DATASET RECORDS:
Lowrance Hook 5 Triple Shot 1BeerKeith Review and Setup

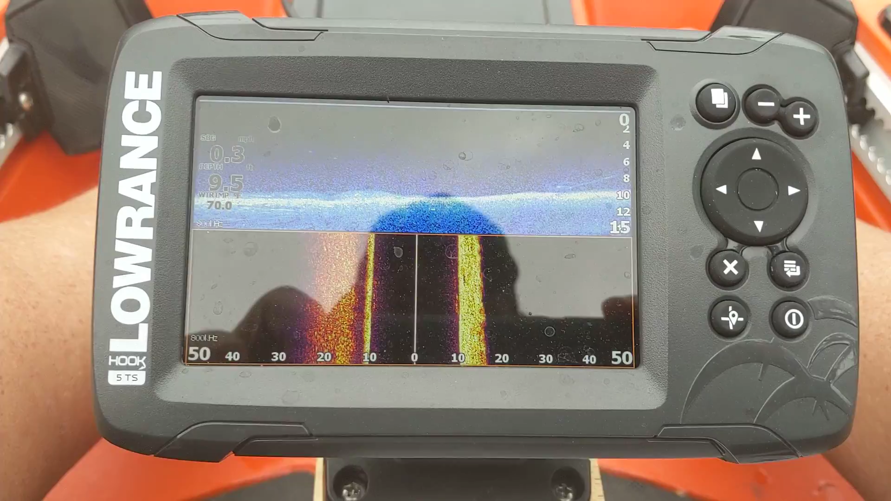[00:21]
Now I've got it up the full brightness right now but I can tell you even though it's clouded up a bit when the sun was out I had no problem seeing it. Now that's definitely going to wear the battery a little bit faster but for what I'm doing today I think that's perfectly fine. Now the 5 has got a couple of different options here so I go back to the mainstream you got your charts for navigation that includes quite a few of them already pre-laid in there take a look on the website if you're
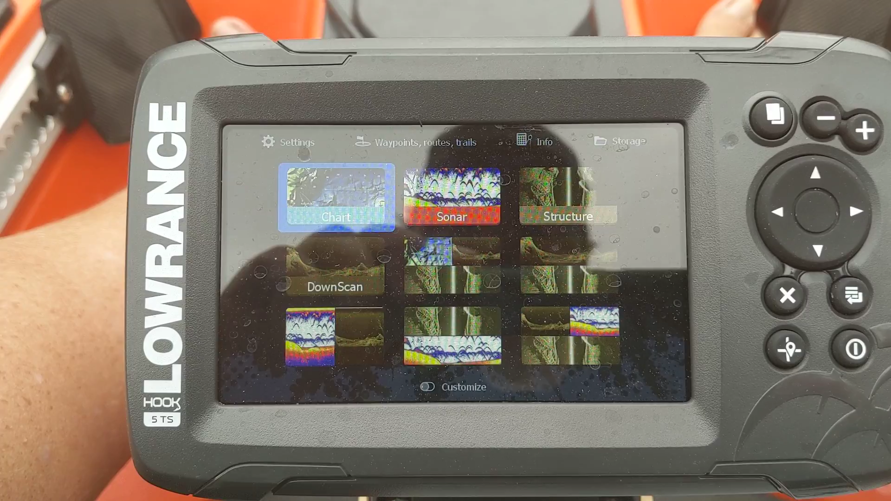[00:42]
curious if your body of water is included or not you've got your traditional sonar which is good for up and down I don't really use it all that much since I've got the down and I've also
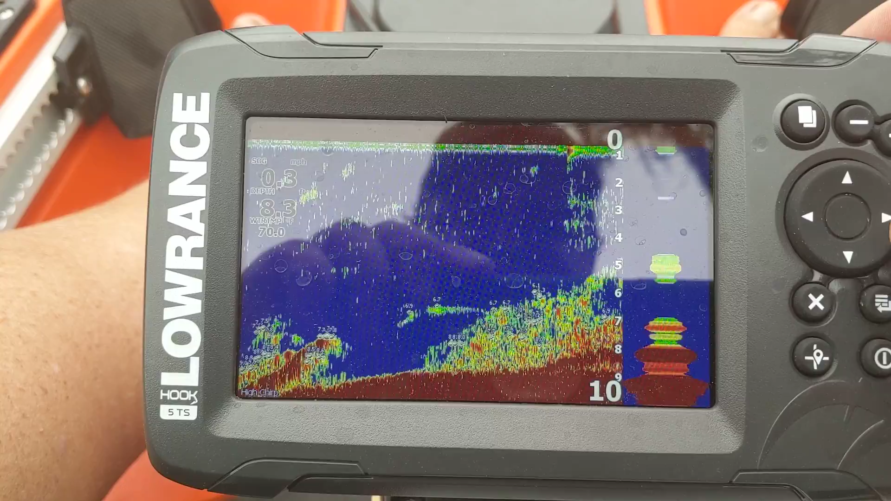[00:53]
got the side scanning but I'll talk about that here in a second what I also like about it is that it gives you the ability to sort of pre-build these screens any way that you want so you see here's when I got all three on there this
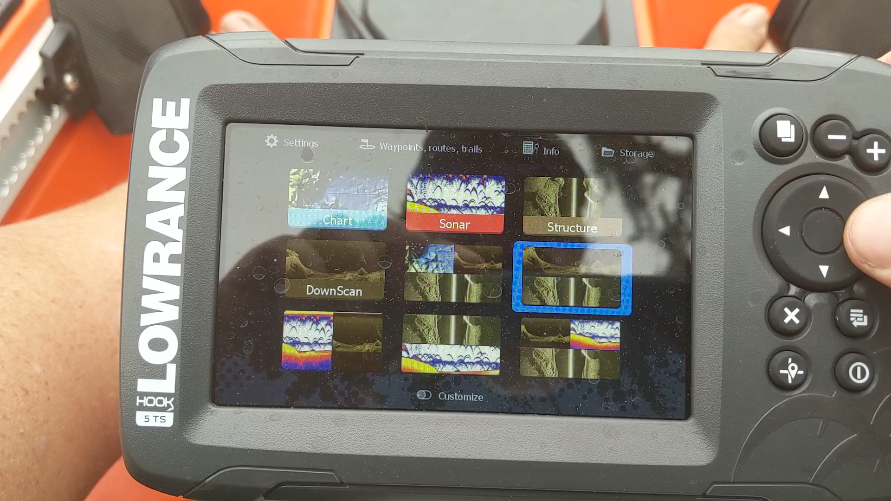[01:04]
is primarily the one that I'm fishing out of most of the time and what I've got here is as you see it load in this is actually my down scan as well as my side scan now I'll talk about my settings here in just a minute but you see I've kind of got it dialed in a little bit more so I've got a lot more clarity going on than you would get out of the factory settings
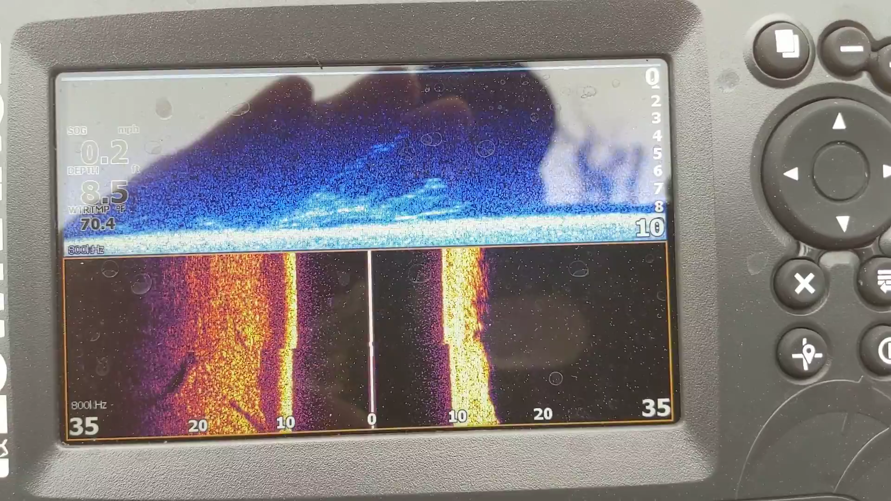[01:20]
On screen: depth 8.5 ft, speed 0.2 mph
since I'm always generally going to be fishing out of the bonafide my little kayak here that I know I don't need to set this to be ready to go at any quick pace and for the most part I'm not really using this to try to find fish I'm really more interested in having this help me figure out where structure is and you'll be able to see that kind of going across on the bottom what's nice they made the settings really easy to get into so this particular one that I'm on now I've already got kind of set for myself but we'll go on and talk a little bit about the side scan because I think anybody that's really looking at
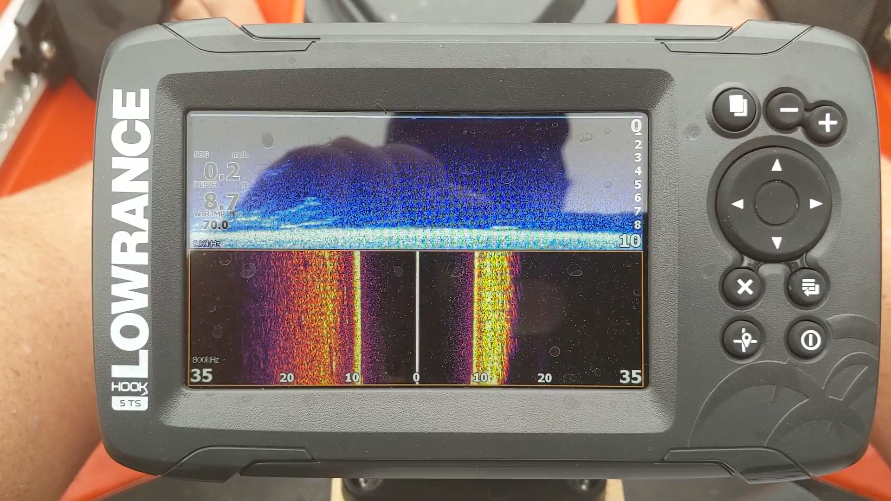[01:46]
this this is probably one of the newer features and it's definitely the one I think a lot of people are interested in so I'm going to be in here just strictly on the side scan for a minute so just give you an idea I'm sitting in about nine feet of water you can see over here on the side so this goes straight down to about nine you can see that line then from there that's the edge that's sort of folding out from me now I happen to be sitting right here against the weed lines while you're kind of seeing that go down so sharp then we got quite a bit of distance over here to the other bank so as
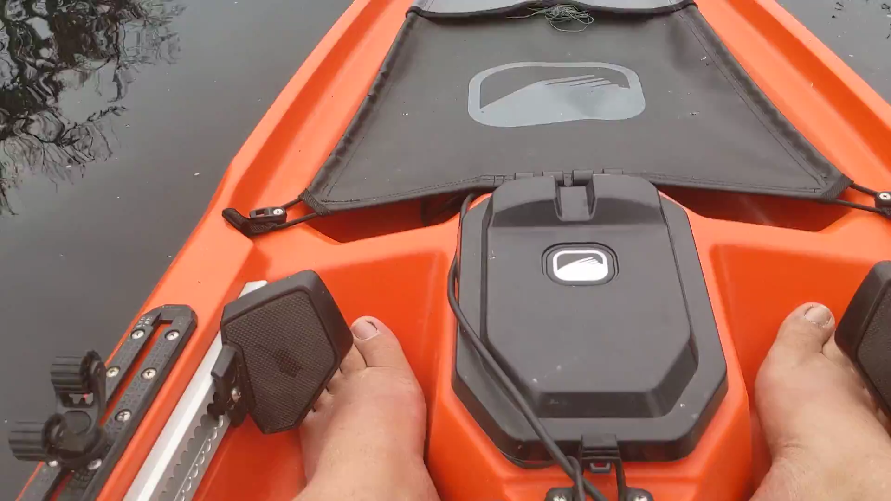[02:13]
we're actually taking a look at that you can kind of see that showing up here that weed line's pretty tight here
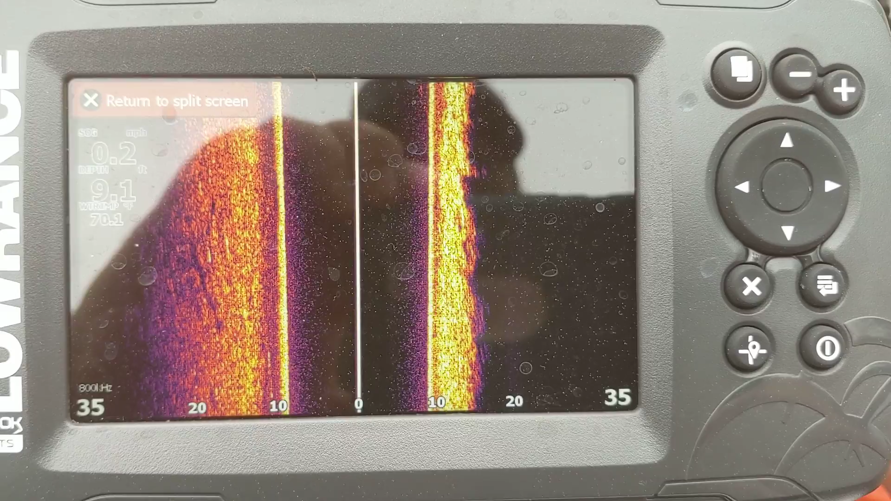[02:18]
and you saw it was relatively thick on the right side but then off on the left you got a lot more room and already seeing some kind
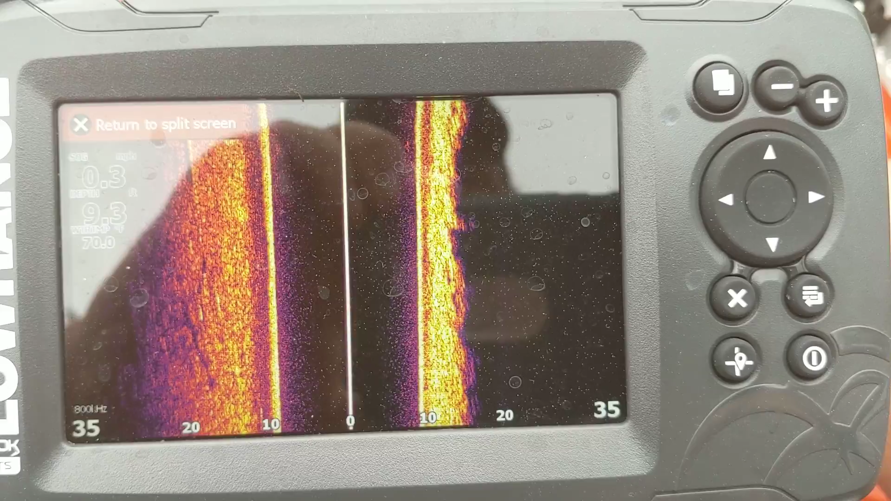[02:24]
of shadows and things like that that are showing up over there now on top of all that you can also go into a lot more of your advanced settings here now I've taken and turned mine up to 800 kilohertz just because I want that additional clarity again option between 455 or 800 so you can go ahead and
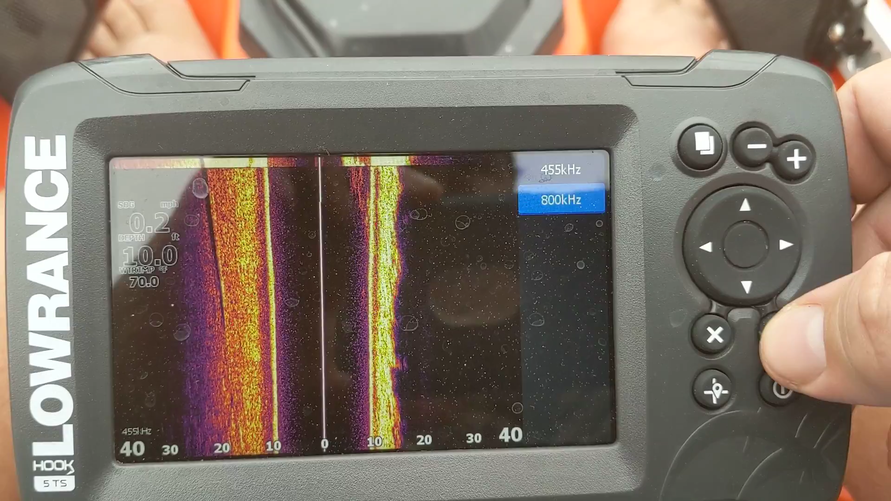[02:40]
On screen: depth 0.2 ft
play with that any way that you want to and definitely don't take just any one setting off here go ahead out there until you you find the one that you particularly like I'll just let that run at 455 for a second you can kind of see the difference like I said I I prefer the 800 but that's really just because of kind of preference and what I'm looking for but definitely play with this is my best advice until you figure out the
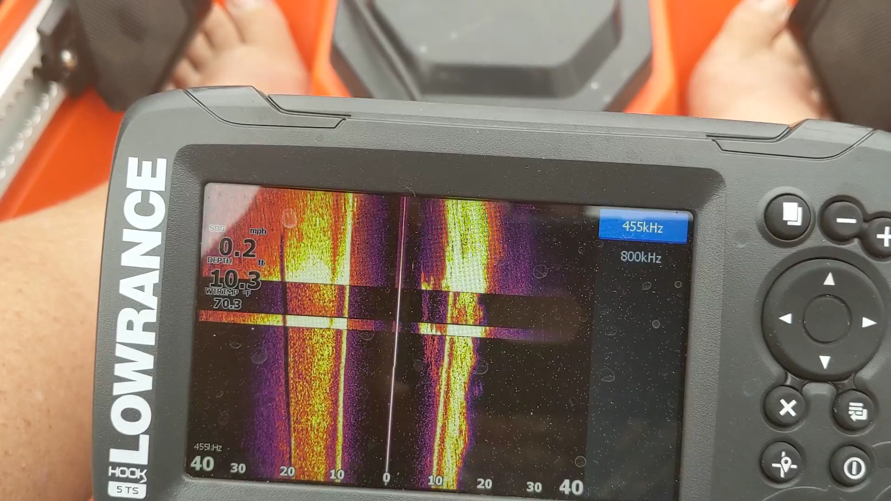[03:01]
On screen: depth 10.3 ft, speed 0.2 mph
settings that are best for you now in addition to that I've also got my uh advanced mode set up on here so my surface clarity I've got all that set up to high things like that because I don't want to really see any additional you know gunk and things like that that's happening around me I know the type of water I'm fishing in down here is typically going to be something
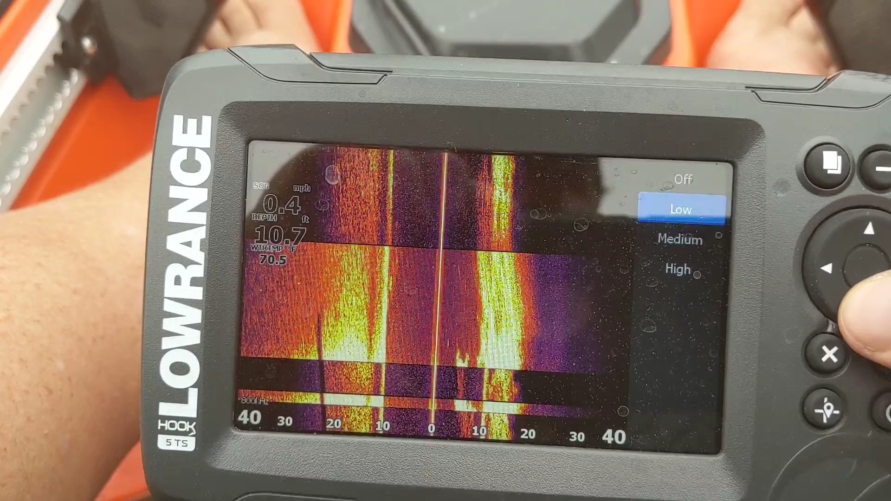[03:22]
that's a little bit murkier and I just don't need to deal with it especially in the case where I'm really just looking for structure that's just adding a level on there I don't need to have now if I go ahead and just back up out here same case with the down scan you can actually see what's going on there so that's also set at 800 what I do really like about this is it's got the water temperature on there so one advantage I have with the the bonafide is that it does allow me to put my transducer directly underneath

PROBLEM DETAILS:
The required answer is a single number: the count of lines in the entries that hold the string "more".

OUTPUT OF THE EXERCISE:
4